DATA PROVIDED Start Marker
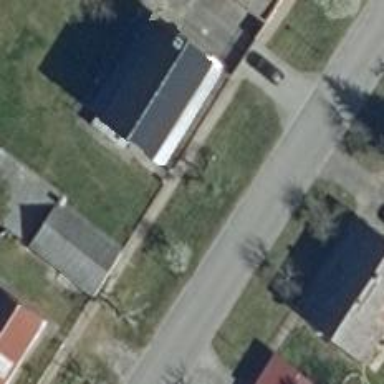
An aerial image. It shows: Simple and straightforward house.
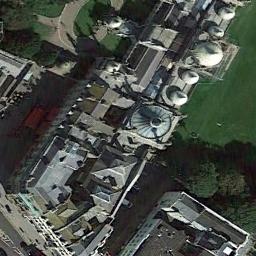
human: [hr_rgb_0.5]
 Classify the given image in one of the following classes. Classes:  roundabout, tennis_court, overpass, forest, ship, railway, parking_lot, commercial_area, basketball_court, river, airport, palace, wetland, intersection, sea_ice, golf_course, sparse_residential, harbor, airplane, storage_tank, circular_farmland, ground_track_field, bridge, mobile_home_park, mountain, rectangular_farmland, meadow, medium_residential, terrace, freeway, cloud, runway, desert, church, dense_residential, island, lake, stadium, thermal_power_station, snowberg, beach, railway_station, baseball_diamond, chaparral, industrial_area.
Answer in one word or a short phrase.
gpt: palace
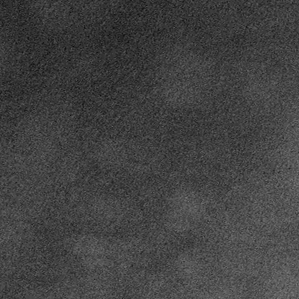
Label: frost
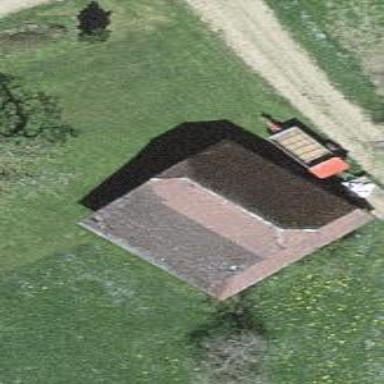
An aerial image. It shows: Rural barn.
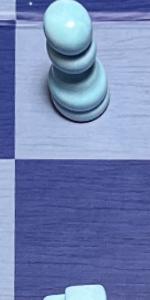
Label: Empty
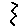
Label: zigzag
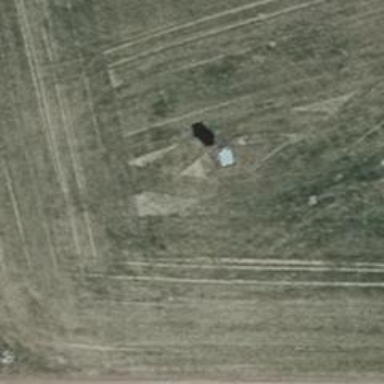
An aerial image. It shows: Hunting stand.
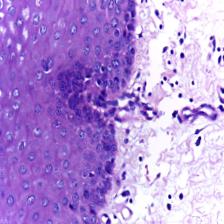
Diagnosis: Normal
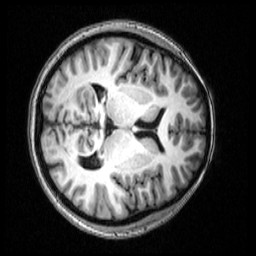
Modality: T1w
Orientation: axial
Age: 25
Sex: female
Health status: healthy
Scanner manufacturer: siemens
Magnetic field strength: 3 T
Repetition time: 2.53 s
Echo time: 0.00339 s
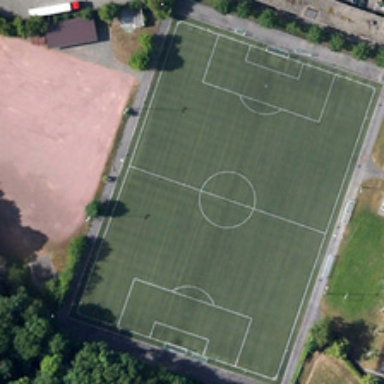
Behind the gray roof is a playground .
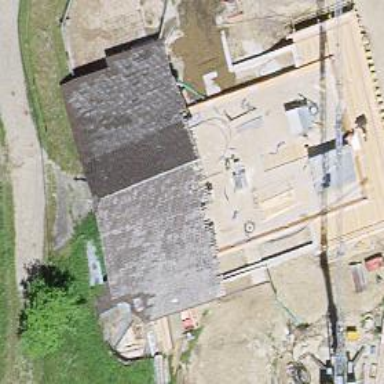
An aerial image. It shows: Farm building.
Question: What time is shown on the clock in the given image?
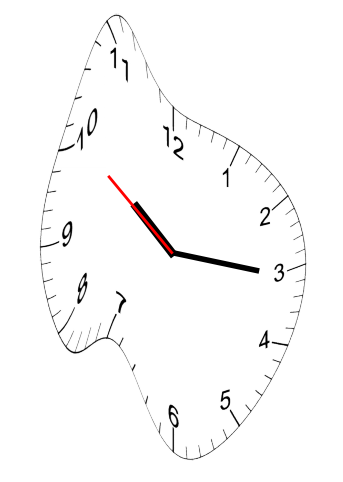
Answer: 10:15:51
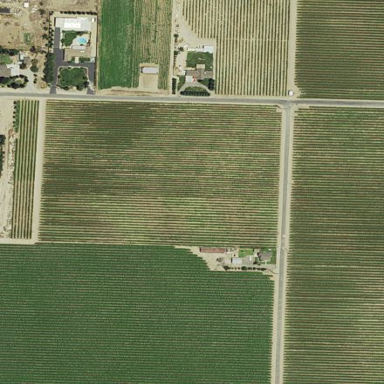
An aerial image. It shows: Vineyard.
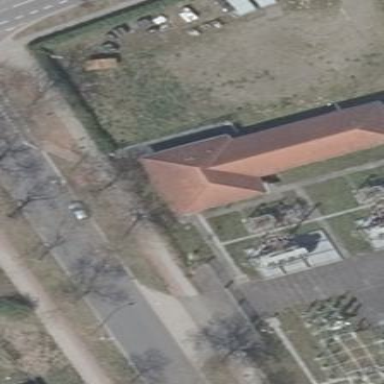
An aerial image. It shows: Building with hipped red roof. The purpose of the building is related to electricity.
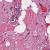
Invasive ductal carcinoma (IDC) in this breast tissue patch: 0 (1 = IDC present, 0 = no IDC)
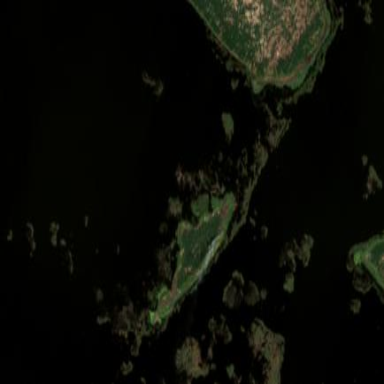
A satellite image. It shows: Island with natural scrub vegetation.
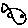
Label: fish
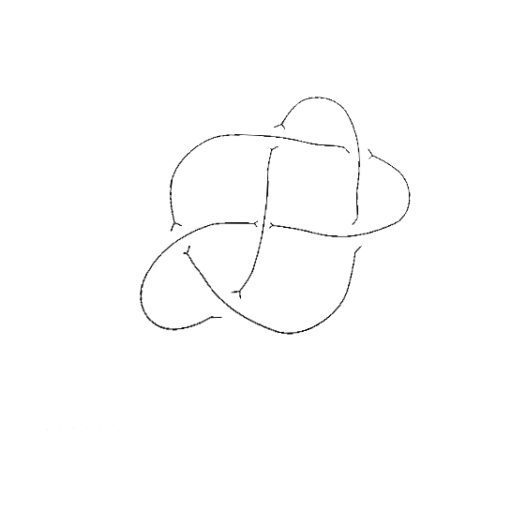
Crossing number: 6
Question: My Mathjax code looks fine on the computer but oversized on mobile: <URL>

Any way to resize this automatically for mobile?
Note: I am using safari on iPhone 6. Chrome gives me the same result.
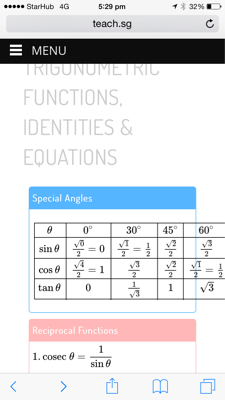
Answer: I hope this simple solution will fit to you:
Just add 'overflow-x: scroll;' to div's style that containing MathJax equation. It will make your MathJax equation scroll-able, and prevent going equation out of range.
In your example it is a div with
'id="std-body-box-2864" style="color:#000000; border-top-color: #56b5ff; border-left-color: #56b5ff; border-right-color: #56b5ff; border-bottom-color: #56b5ff; background-color: #ffffff;"'.
Add 'overflow-x: scroll;' at the end of style tag :
'style="color:#000000; border-top-color: #56b5ff; border-left-color: #56b5ff; border-right-color: #56b5ff; border-bottom-color: #56b5ff; background-color: #ffffff; overflow-x: scroll;"'.
It will add a scroll at the bottom of the div. MathJax equation will stay in the "Special Angles" box.
Raw preview :

Actually there can be many solutions(including smart ones using jQuery), you can find appropriate one by googling "responsive tables in html". MathJax is using '<span>', it's not actually the tables, but I hope that will help.
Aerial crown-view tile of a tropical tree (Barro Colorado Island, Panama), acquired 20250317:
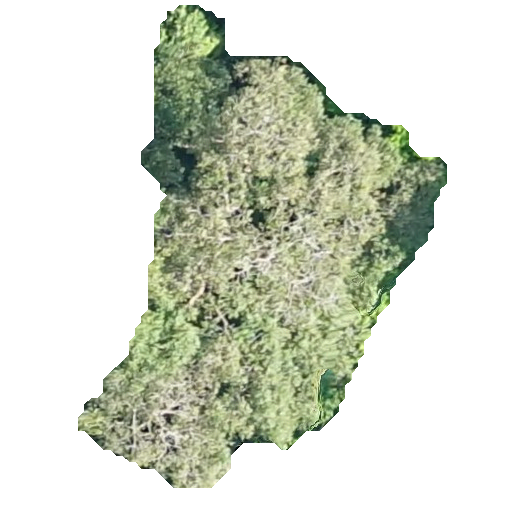
Species: Dipteryx oleifera
GBIF accepted scientific name: Dipteryx oleifera
Crown area: 146.941 m²
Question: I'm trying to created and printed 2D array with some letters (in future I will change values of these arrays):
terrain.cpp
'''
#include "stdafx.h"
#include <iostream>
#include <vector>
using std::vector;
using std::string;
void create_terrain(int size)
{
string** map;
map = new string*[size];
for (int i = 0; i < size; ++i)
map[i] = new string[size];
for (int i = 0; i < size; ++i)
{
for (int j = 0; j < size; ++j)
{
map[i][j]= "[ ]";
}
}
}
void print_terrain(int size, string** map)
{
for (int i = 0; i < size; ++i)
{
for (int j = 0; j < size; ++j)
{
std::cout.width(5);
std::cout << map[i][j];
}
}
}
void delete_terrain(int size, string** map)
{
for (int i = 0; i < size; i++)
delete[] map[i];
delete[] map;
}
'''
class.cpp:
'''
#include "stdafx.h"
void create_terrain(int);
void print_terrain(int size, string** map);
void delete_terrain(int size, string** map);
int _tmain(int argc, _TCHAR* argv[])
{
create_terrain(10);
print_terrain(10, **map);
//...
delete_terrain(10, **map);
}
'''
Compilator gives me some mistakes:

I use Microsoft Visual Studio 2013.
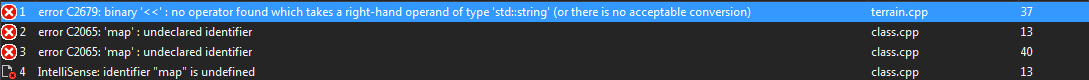
Answer: How about doing something like this instead and get rid of all those crazy pointers and new / deletes. Your errors though are because you are creating a map var in your create_terrain sub. Then in main you are trying to use it. IE its not in main's scope.
'''
#include <iostream>
#include <vector>
using std::vector;
using std::string;
using MAP_GRID = vector<vector<string>>;
MAP_GRID create_terrain(int size)
{
MAP_GRID map;
for (int i = 0; i < size; ++i) {
map.emplace_back(vector<string>());
for (int j = 0; j < size; ++j) {
map[i].emplace_back("[ ]");
}
}
return map;
}
void print_terrain(MAP_GRID map)
{
for (int i = 0; i < map.size(); ++i) {
for (int j = 0; j < map[i].size(); ++j) {
std::cout.width(5);
std::cout << map[i][j].c_str();
}
std::cout << std::endl;
}
}
int main()
{
MAP_GRID map = create_terrain(10);
print_terrain(map);
std::cout << std::endl;
system("PAUSE");
}
'''
DATA PROVIDED End Marker
Each line from the one that contains "Question: What time" down to the one that contains "Invasive ductal carcinoma" is to be returned exactly as it stands above, both ends included, with pictures removed.

● **TASK SOLUTION**
Question: What time is shown on the clock in the given image?
Answer: 10:15:51
An aerial image. It shows: Vineyard.
An aerial image. It shows: Building with hipped red roof. The purpose of the building is related to electricity.
Invasive ductal carcinoma (IDC) in this breast tissue patch: 0 (1 = IDC present, 0 = no IDC)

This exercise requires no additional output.